Exercise material:
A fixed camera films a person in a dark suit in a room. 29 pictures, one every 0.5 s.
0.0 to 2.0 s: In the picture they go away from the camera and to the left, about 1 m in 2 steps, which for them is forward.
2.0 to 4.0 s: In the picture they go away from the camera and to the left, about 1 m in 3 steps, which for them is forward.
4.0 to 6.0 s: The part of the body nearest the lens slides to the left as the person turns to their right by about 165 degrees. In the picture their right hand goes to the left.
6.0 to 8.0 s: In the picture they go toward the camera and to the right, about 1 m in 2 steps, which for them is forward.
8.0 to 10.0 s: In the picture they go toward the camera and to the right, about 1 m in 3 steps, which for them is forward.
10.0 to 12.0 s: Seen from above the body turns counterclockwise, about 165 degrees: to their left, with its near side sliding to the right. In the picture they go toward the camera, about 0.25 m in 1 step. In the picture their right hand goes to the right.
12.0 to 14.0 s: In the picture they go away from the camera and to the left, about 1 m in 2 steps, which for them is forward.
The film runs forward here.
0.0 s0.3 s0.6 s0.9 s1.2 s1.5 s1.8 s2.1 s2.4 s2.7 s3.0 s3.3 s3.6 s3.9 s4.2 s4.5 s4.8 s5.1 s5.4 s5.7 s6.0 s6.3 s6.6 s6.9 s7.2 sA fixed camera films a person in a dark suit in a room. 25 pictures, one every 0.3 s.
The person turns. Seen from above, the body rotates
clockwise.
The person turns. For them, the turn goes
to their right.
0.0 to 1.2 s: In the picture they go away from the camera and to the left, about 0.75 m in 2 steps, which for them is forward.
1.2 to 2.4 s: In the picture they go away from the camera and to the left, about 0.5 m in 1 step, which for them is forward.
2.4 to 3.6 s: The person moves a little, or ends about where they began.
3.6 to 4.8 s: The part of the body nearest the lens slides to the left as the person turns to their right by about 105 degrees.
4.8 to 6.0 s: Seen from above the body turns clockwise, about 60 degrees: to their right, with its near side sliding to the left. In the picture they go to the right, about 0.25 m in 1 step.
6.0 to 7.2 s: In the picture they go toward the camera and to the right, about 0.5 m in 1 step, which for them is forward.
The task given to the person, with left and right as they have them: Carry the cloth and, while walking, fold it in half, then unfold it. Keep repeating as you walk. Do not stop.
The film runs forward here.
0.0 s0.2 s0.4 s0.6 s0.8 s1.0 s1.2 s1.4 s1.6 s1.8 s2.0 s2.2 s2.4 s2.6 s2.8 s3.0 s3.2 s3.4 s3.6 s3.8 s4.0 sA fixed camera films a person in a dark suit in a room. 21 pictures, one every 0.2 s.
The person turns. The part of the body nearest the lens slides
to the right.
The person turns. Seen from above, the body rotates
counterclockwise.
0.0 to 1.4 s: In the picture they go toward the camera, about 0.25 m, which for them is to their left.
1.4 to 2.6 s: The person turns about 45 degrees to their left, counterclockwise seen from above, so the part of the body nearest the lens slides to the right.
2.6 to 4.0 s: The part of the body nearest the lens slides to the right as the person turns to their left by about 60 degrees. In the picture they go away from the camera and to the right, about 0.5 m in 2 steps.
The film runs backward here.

Activity: Considering the records line by line, how many lines hold the string "films"? Say only the number.

Response box: 3